Records from a data source:

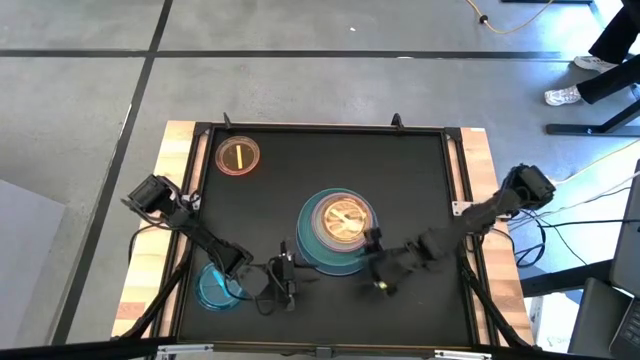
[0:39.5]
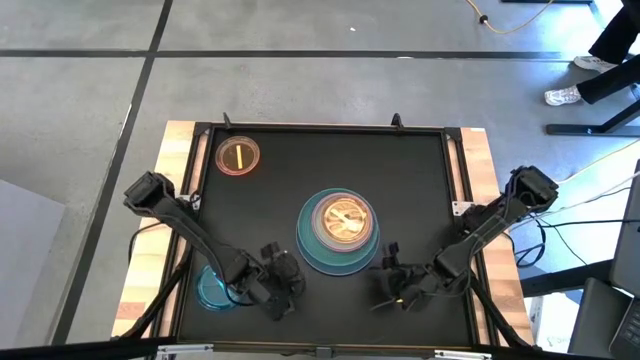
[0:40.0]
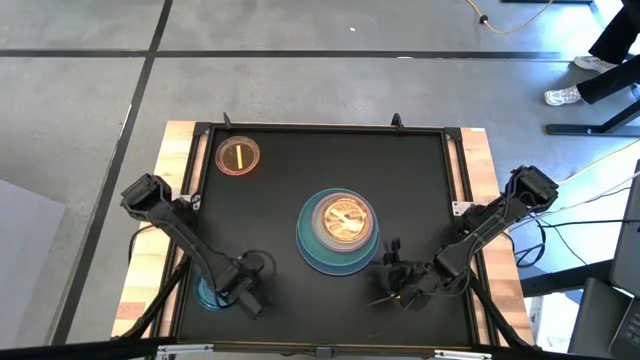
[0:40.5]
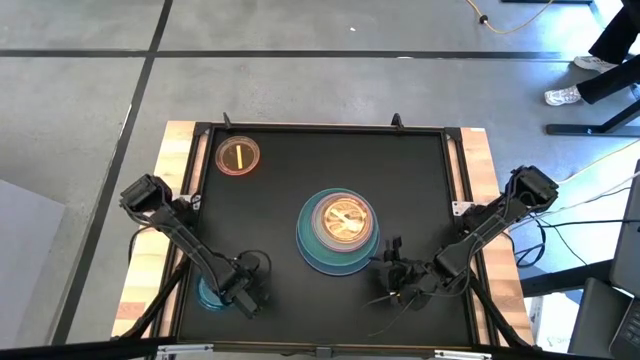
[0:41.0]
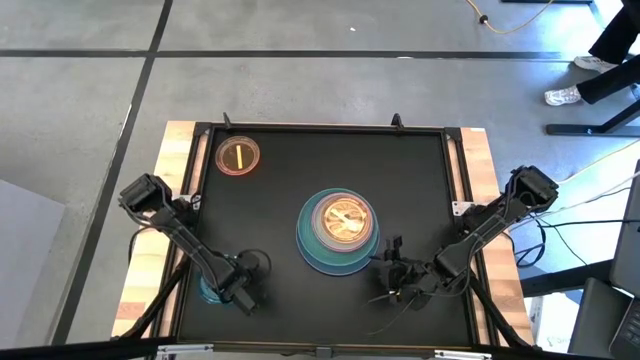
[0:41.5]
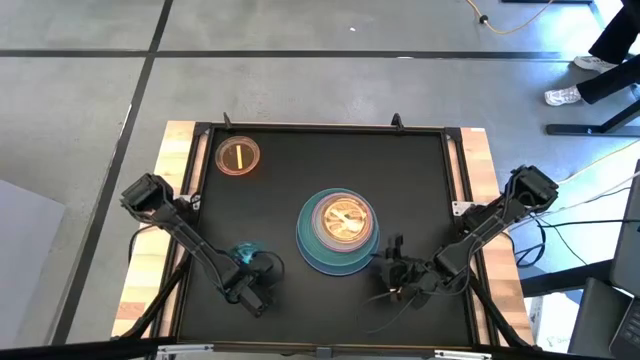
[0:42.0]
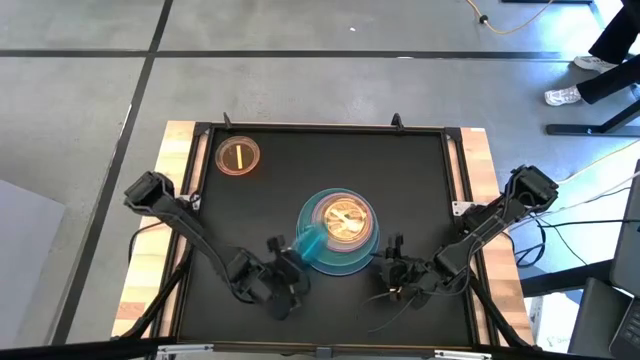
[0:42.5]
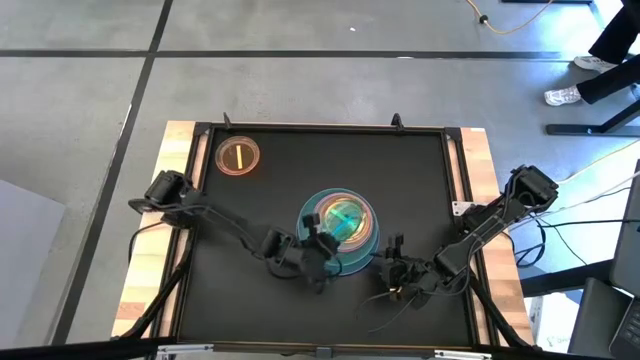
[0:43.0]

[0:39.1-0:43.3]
Stack the light blue transparent plate on the light green transparent plate

## [WORK ITEM]
Omit the pictures and write out the remaining data exactly.

## [RESPONSE AREA]
[0:39.5]
[0:40.0]
[0:40.5]
[0:41.0]
[0:41.5]
[0:42.0]
[0:42.5]
[0:43.0]

[0:39.1-0:43.3]
Stack the light blue transparent plate on the light green transparent plate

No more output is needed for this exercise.